The Cree Nation increased the pressure by decreeing an economic embargo on Val-d’Or, provoking a bombshell within the city’s business community best illustrated by a bewildered and overwhelmed businessman showing up at the Friendship Centre, searching desperately for answers to: “Why should I be paying for someone else’s mistakes?”

The spontaneous answer I gave him was: “You don’t get it, do you? This is not about you or your business! This is about caring for our women, it’s about dignity, respect and justice.” It took drastic measures and emergency meetings at high levels for the Val-d’Or establishment and the Quebec government to grasp the suffering and the anger that was manifest within First Nations communities.

That was a year ago. Where are we today? Investigations by Montreal Police were conducted and judicial proceedings should follow. The City of Val-d’Or and the Chamber of Commerce adopted action plans to fight against racism, prejudices and discrimination. On August 3, the Canadian government launched the long-awaited Missing and Murdered Aboriginal Women and Girls Commission.

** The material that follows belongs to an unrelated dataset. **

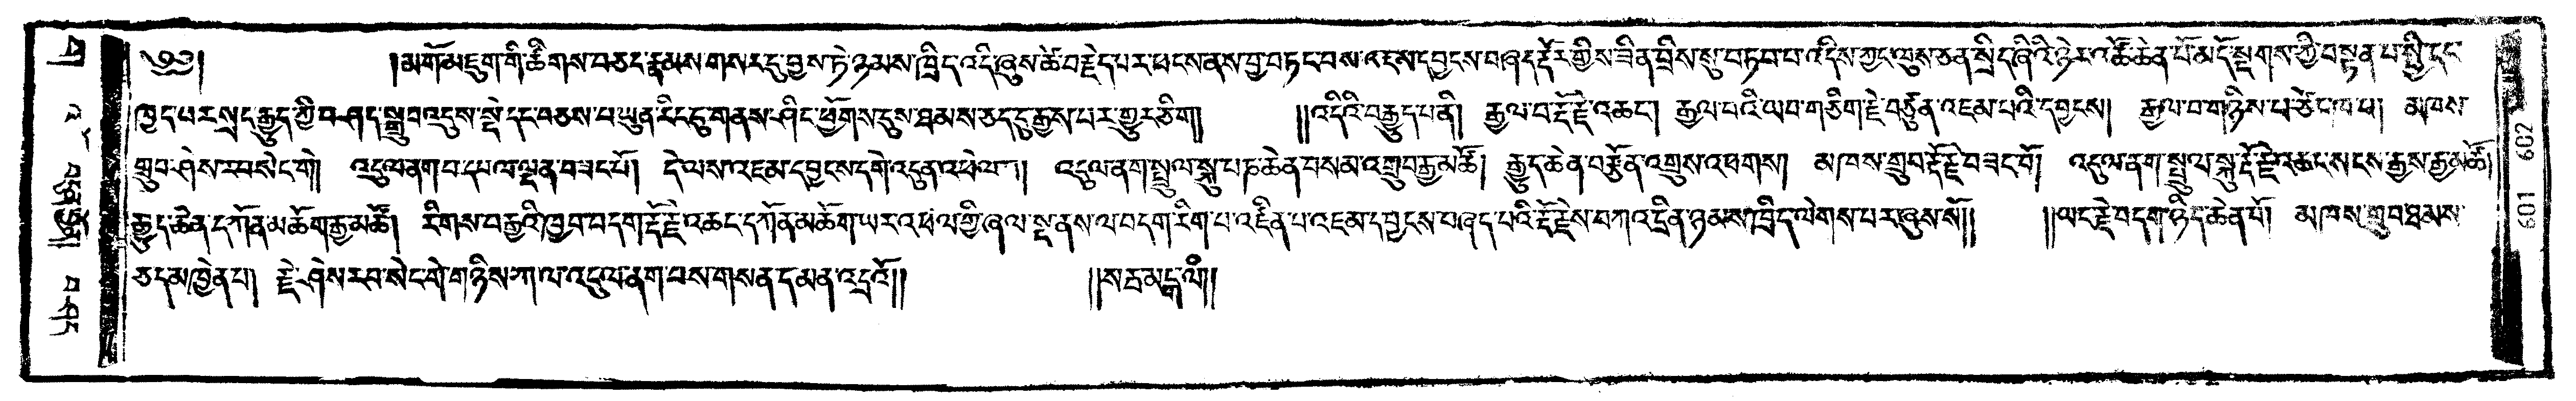༄༅། །མགོ་མཇུག་གི་ཚིགས་བཅད་རྣམས་གསར་དུ་བྱས་ཏེ་ཉམས་ཁྲིད་འདི་ཞུས་ཚེ་བརྗེད་པར་ཕངས་ནས་བྱ་བཏང་བས་འཇམ་དབྱངས་བཞད་རྡོར་གྱིས་ཟིན་བྲིས་སུ་བཏབ་པ་འདིས་ཀྱང་ལུས་ཅན་སྲིད་ཞིའི་ཉེར་འཚོ་ཆེན་པོ་མདོ་སྔགས་ཀྱི་བསྟན་པ་སྤྱི་དང་
ཁྱད་པར་སྲད་རྒྱུད་ཀྱི་བཤད་སྒྲུབ་འདུས་སྡེ་དང་བཅས་པ་ཡུན་རིང་དུ་གནས་ཤིང་ཕྱོགས་དུས་ཐམས་ཅད་དུ་རྒྱས་པར་གྱུར་ཅིག། །།འདིའི་བརྒྱུད་པ་ནི། རྒྱལ་བ་རྡོ་རྗེ་འཆང་། རྒྱལ་བའི་ཡབ་གཅིག་རྗེ་བཙུན་འཇམ་པའི་དབྱངས། རྒྱལ་བ་གཉིས་པ་ཙོང་ཁ་པ། མཁས་
གྲུབ་ཤེས་རབ་སེང་གེ། འདུལ་ནག་པ་དཔལ་ལྡན་བཟང་པོ། དེ་ལས་འཇམ་དབྱངས་དགེ་འདུན་འཕེལ།། འདུལ་ནག་སྤྲུལ་སྐུ་པཎ་ཆེན་བསམ་འགྲུབ་རྒྱ་མཚོ། རྒྱུད་ཆེན་བརྩོན་འགྲུས་འཕགས། མཁས་གྲུབ་རྡོ་རྗེ་བཟང་པོ། འདུལ་ནག་སྤྲུལ་སྐུ་རྡོ་རྗེ་འཆང་སངས་རྒྱས་རྒྱ་མཚོ།
རྒྱུད་ཆེན་དཀོན་མཆོག་རྒྱ་མཚོ། རིགས་བརྒྱའི་ཁྱབ་བདག་རྡོ་རྗེ་འཆང་དཀོན་མཆོག་ཡར་འཕེལ་གྱི་ཞལ་སྔ་ནས་ལ་བདག་རིག་པ་འཛིན་པ་འཇམ་དབྱངས་བཞད་པའི་རྡོ་རྗེས་བཀའ་དྲིན་ཉམས་ཁྲིད་ལེགས་པར་ཞུས་སོ།། །།ཡང་རྗེ་བདག་ཉིད་ཆེན་པོ། མཁས་གྲུབ་ཐམས་
ཅད་མཁྱེན་པ། རྗེ་ཤེས་རབ་སེང་གེ་གཉིས་ཀ་ལ་འདུལ་ནག་བསགས་ན་དམན་འདྲའོ།། །།སརྦ་མངྒ་ལཾ།།

How did Quebec respond to this announcement? By refuting the claim of Quebec’s First Nations for an independent provincial public inquiry. As always, Quebec is shovelling the “Indian problem” off to the federal government. Quebec Aboriginal Affairs Minister Geoffrey Kelley and Justice Minister Stéphanie Vallée argued this decision was taken for the well-being of the victims of SQ police abuse, to spare them from having to testify twice.

Two problems arise from this position. First, it is not up to government ministers to decide whether or not the women should tell their stories and to whom they can reveal details of the violence perpetrated by SQ police officers. Second, should there be a public inquiry on the relationship between police authority and Indigenous women in Quebec. This would mean that not only the women, but also SQ authorities and Quebec government ministers could be summoned to testify.

Having been notified of the situation in Val-d’Or in May 2015, the Quebec government would then be publicly confronted with its own inaction to end police abuse and its failure to protect Aboriginal women in Val-d’Or. Then, the delicate issue of systemic racism against First Nation citizens in Quebec could be addressed.

The time has come for Quebec to take a hard look at how First Nations and Inuit people are treated. It’s time to tackle the roots of racism and discrimination that maintains Aboriginal peoples of this province as second-class citizens. If we citizens aspire for social justice for all and an authentic reconciliation, it is evident that an independent public inquiry in Quebec has become unavoidable.